*Required work*. From the first line to the last, restate every record word for word, leaving out the pictures.

──────── Supplied records

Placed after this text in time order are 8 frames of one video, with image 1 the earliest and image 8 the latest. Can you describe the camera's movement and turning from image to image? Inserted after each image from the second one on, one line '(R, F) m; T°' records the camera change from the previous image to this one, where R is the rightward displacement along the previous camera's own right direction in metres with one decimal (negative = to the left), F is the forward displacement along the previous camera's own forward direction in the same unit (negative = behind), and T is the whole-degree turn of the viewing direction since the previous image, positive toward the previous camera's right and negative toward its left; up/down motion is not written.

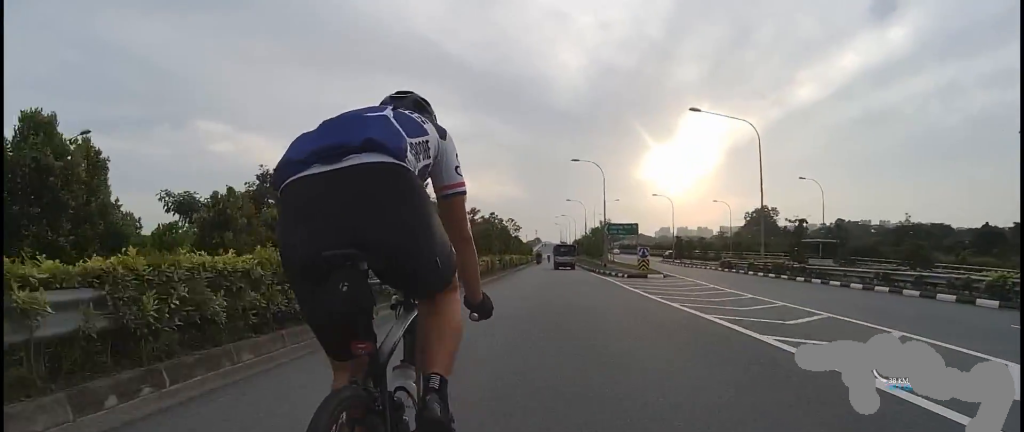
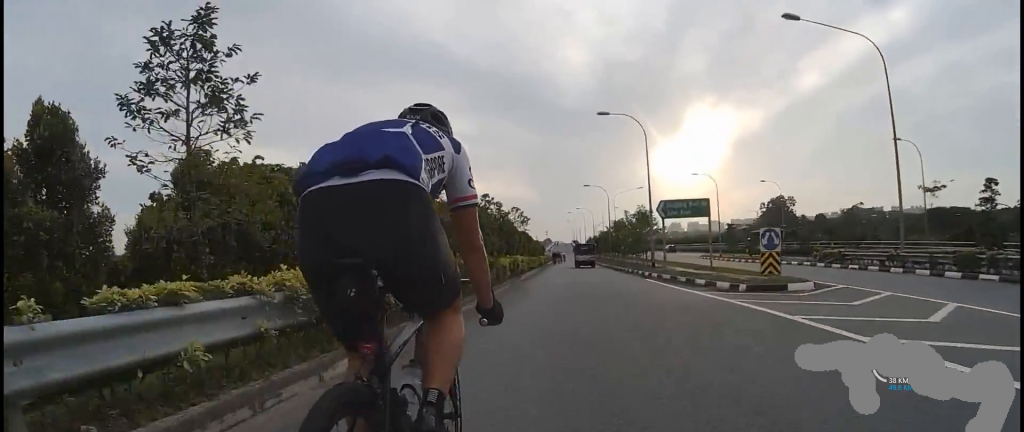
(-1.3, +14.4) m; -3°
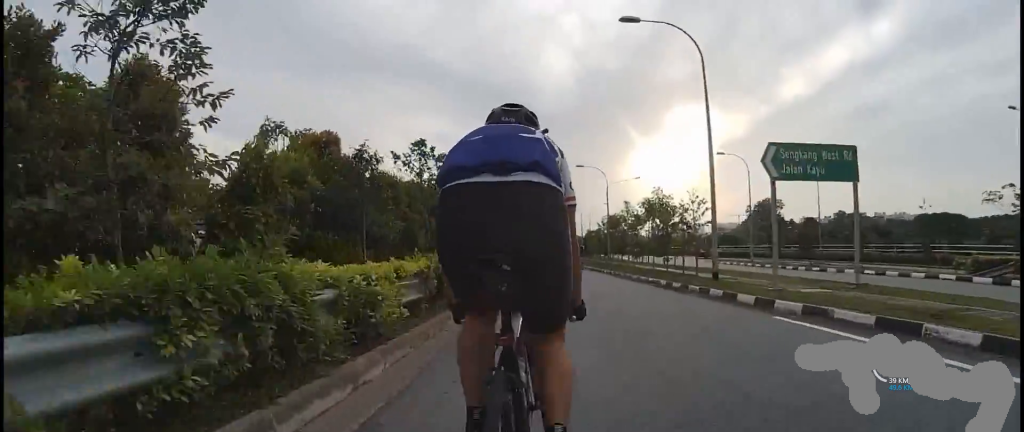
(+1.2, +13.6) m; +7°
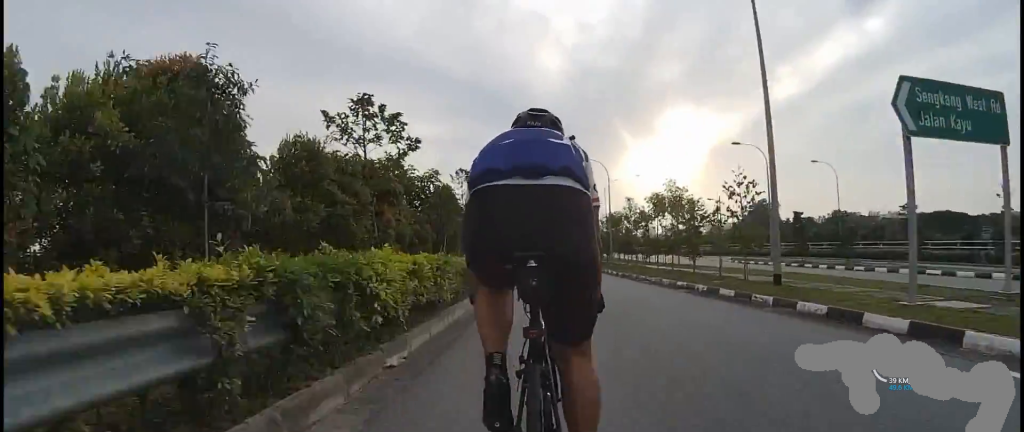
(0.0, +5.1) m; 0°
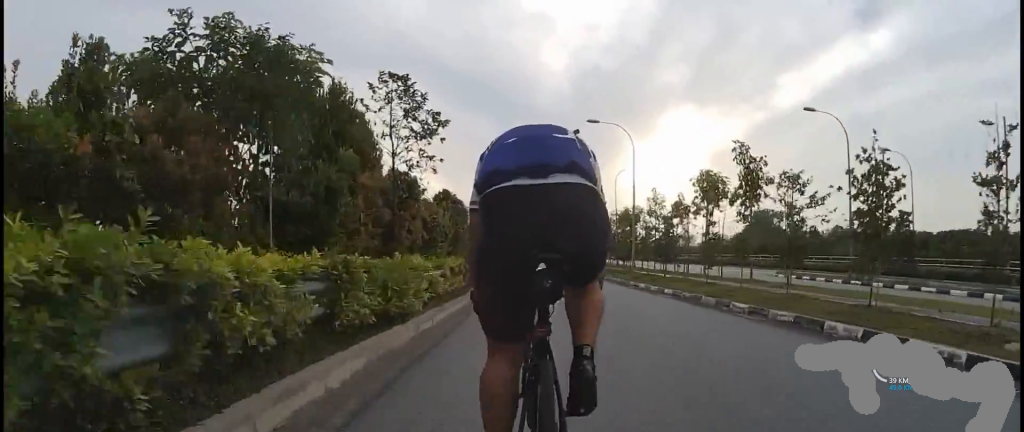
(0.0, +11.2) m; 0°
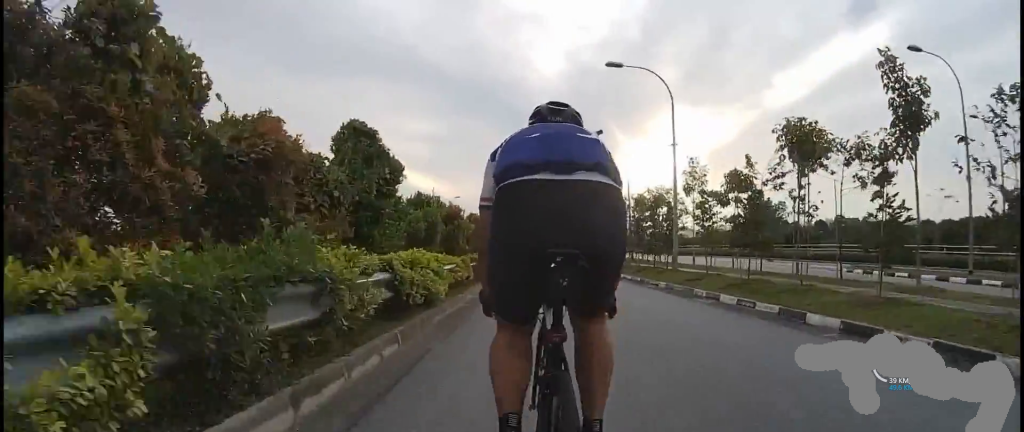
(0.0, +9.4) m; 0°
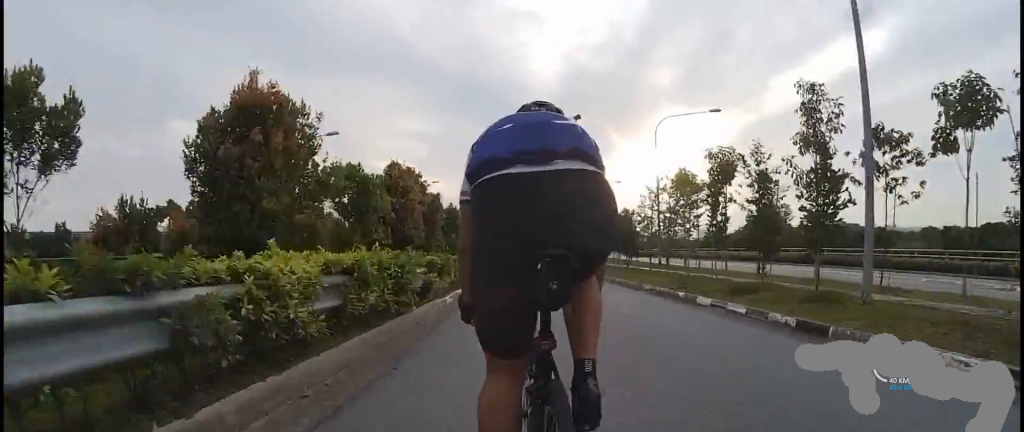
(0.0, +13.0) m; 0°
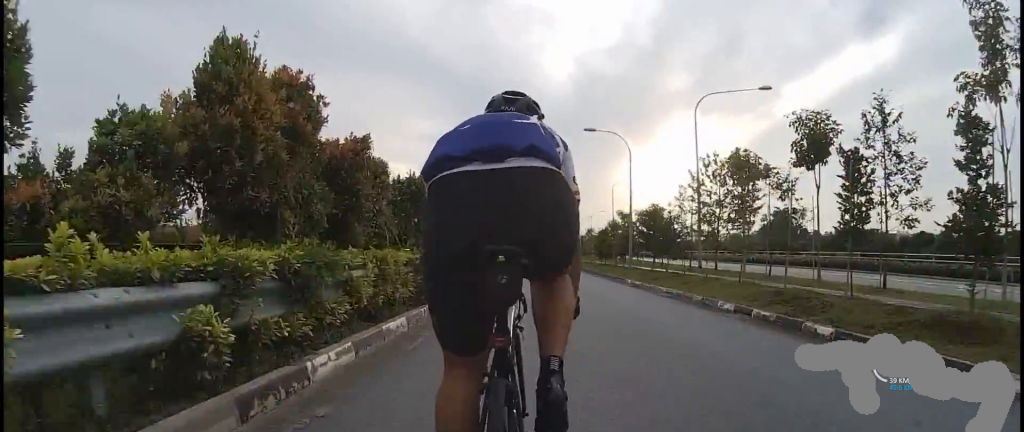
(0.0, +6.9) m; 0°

────────────────

*Output below*.
Placed after this text in time order are 8 frames of one video, with image 1 the earliest and image 8 the latest. Can you describe the camera's movement and turning from image to image? Inserted after each image from the second one on, one line '(R, F) m; T°' records the camera change from the previous image to this one, where R is the rightward displacement along the previous camera's own right direction in metres with one decimal (negative = to the left), F is the forward displacement along the previous camera's own forward direction in the same unit (negative = behind), and T is the whole-degree turn of the viewing direction since the previous image, positive toward the previous camera's right and negative toward its left; up/down motion is not written.

(-1.3, +14.4) m; -3°
(+1.2, +13.6) m; +7°
(0.0, +5.1) m; 0°
(0.0, +11.2) m; 0°
(0.0, +9.4) m; 0°
(0.0, +13.0) m; 0°
(0.0, +6.9) m; 0°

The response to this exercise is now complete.